## Data excerpt

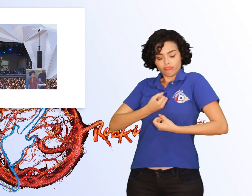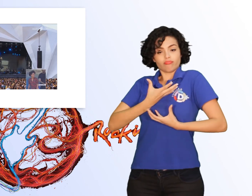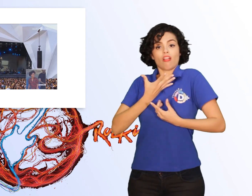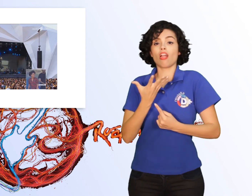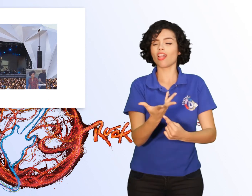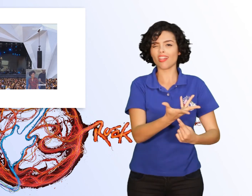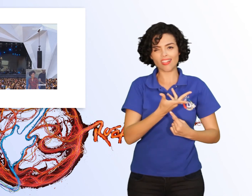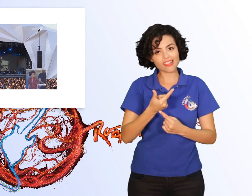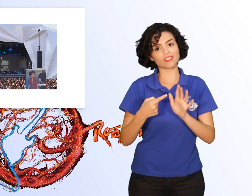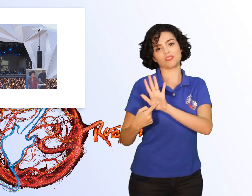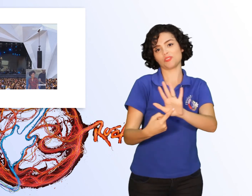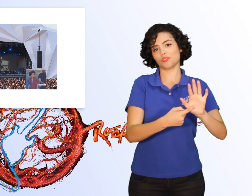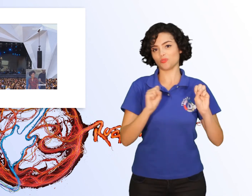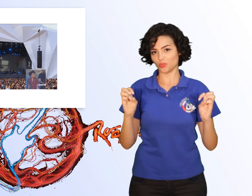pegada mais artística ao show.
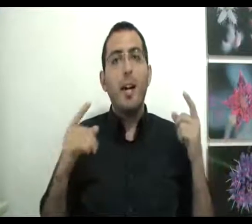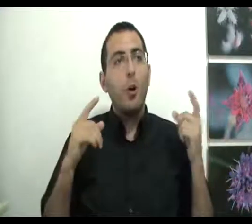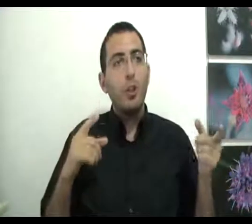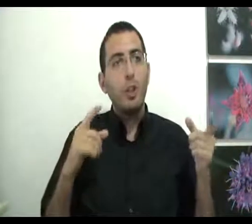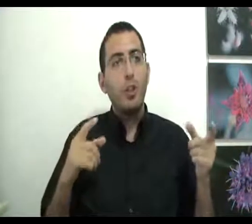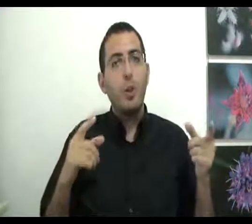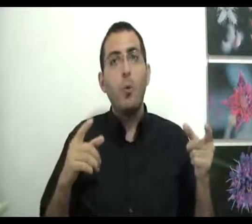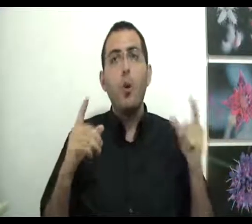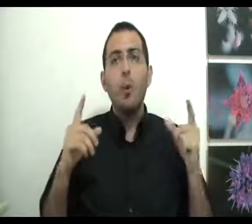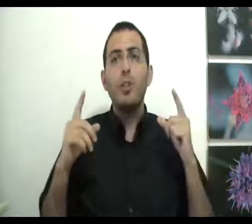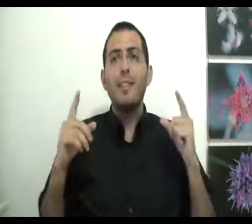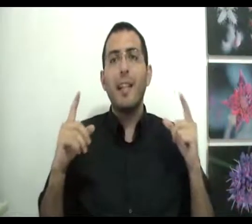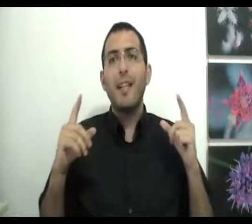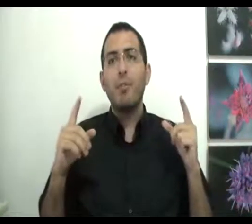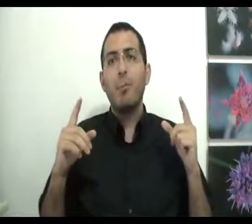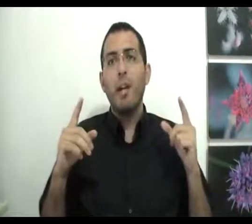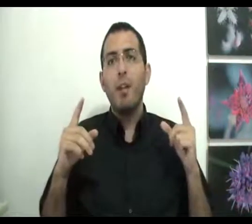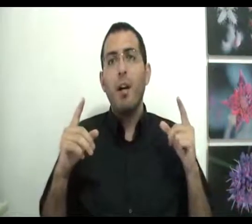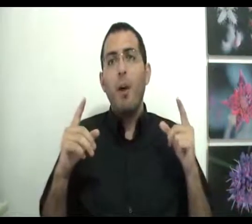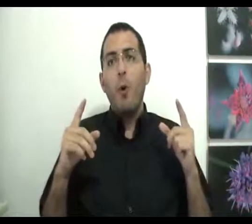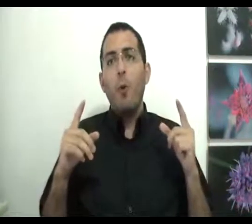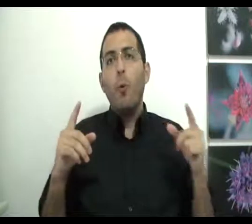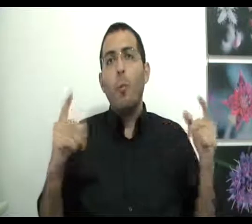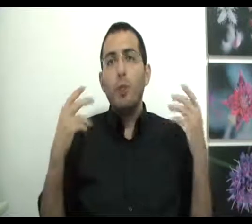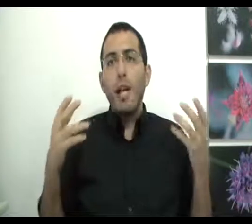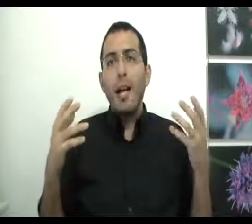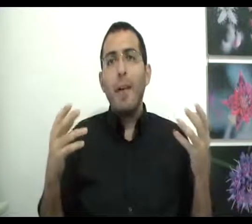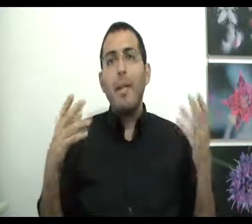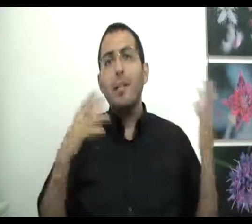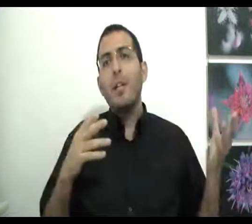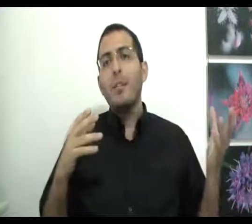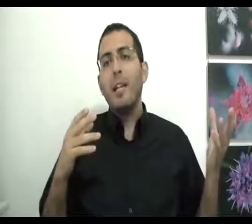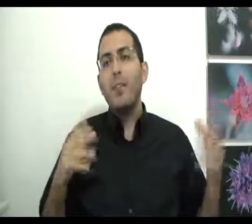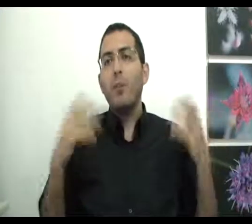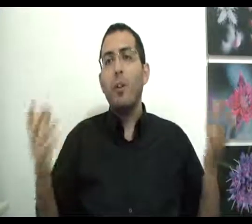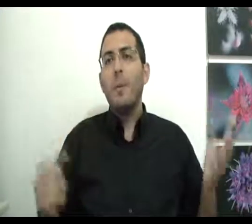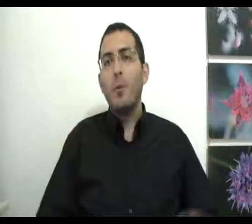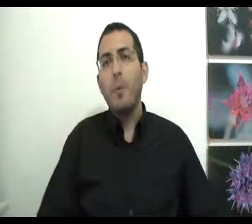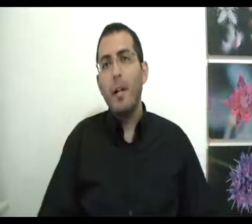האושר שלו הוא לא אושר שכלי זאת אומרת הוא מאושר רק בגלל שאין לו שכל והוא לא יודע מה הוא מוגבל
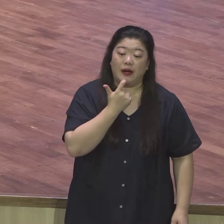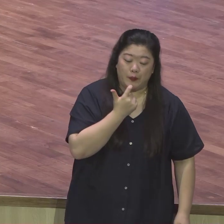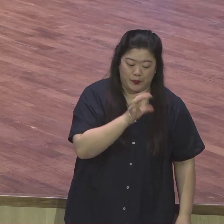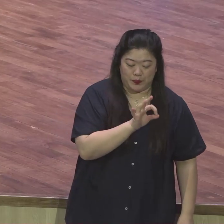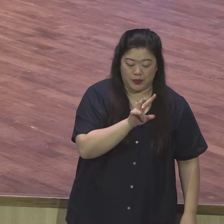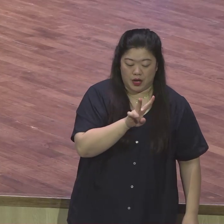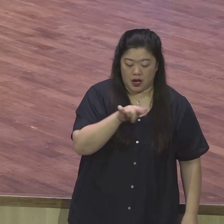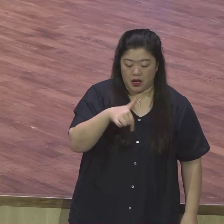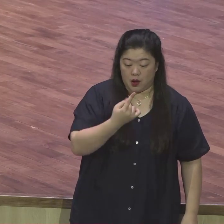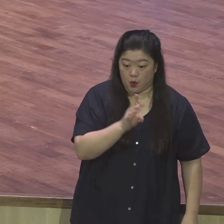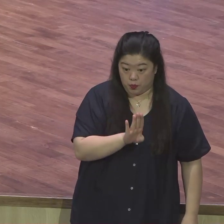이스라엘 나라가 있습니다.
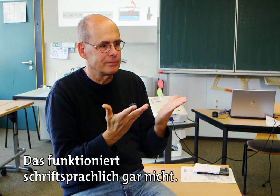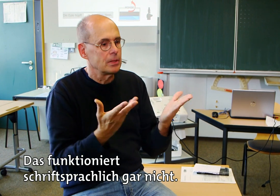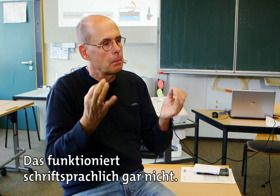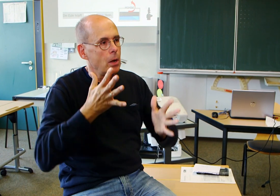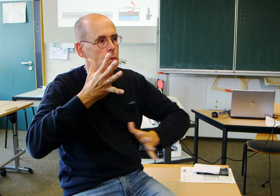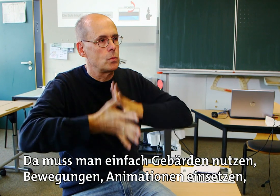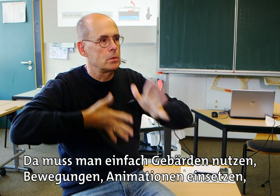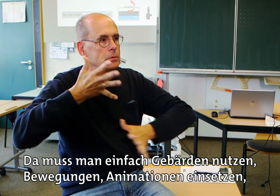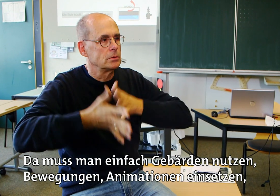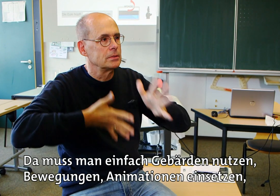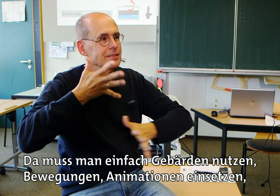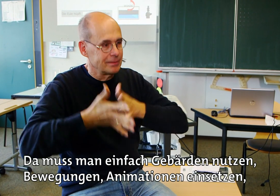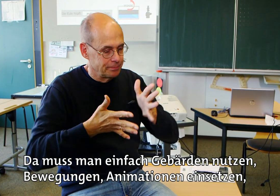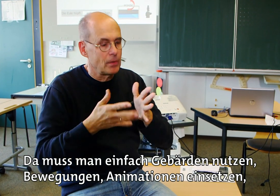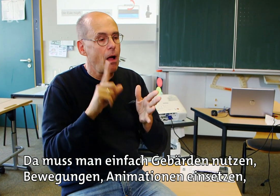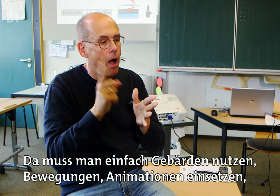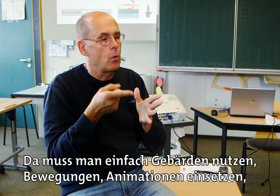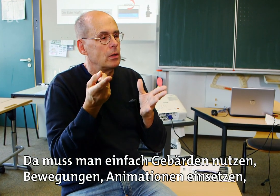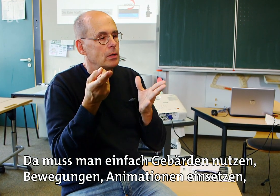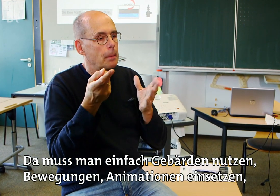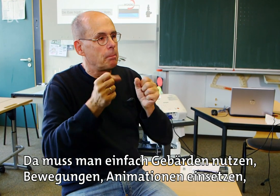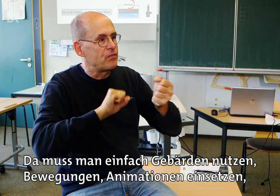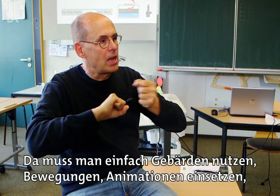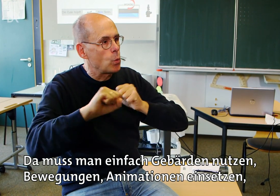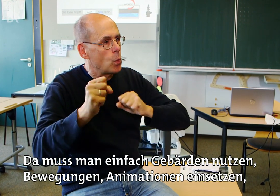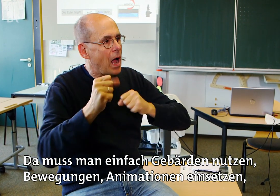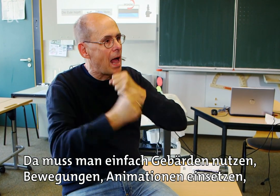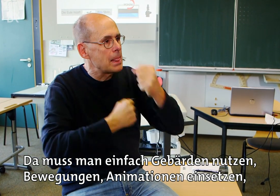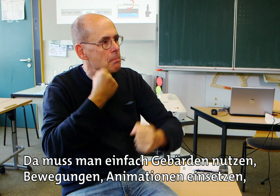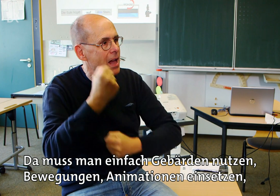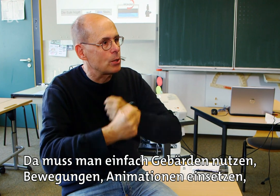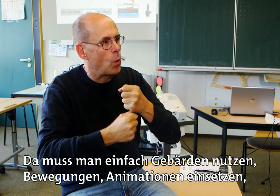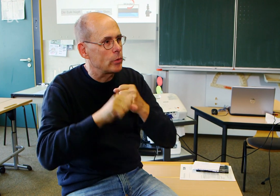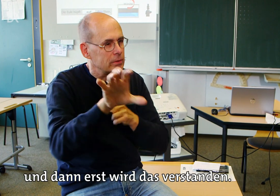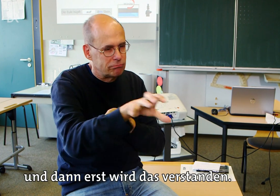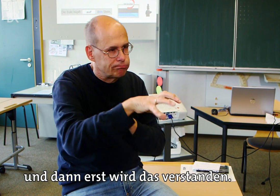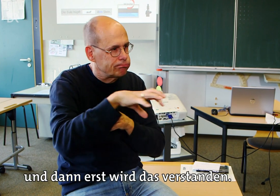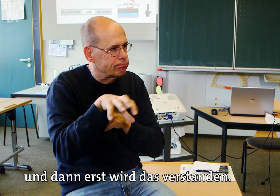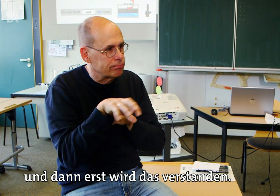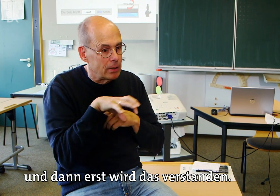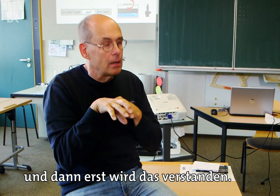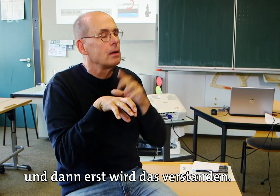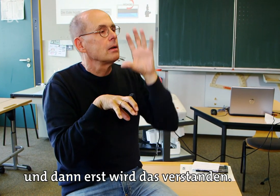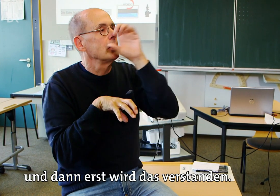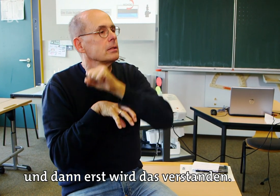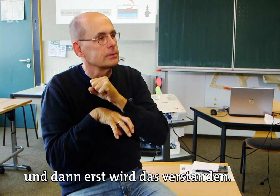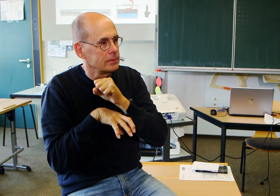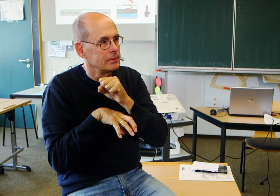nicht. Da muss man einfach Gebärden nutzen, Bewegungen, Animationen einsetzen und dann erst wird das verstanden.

## Problem description
Please write out the whole listing exactly, but not the pictures in it.

## Response to this task
pegada mais artística ao show.
האושר שלו הוא לא אושר שכלי זאת אומרת הוא מאושר רק בגלל שאין לו שכל והוא לא יודע מה הוא מוגבל
이스라엘 나라가 있습니다.
nicht. Da muss man einfach Gebärden nutzen, Bewegungen, Animationen einsetzen und dann erst wird das verstanden.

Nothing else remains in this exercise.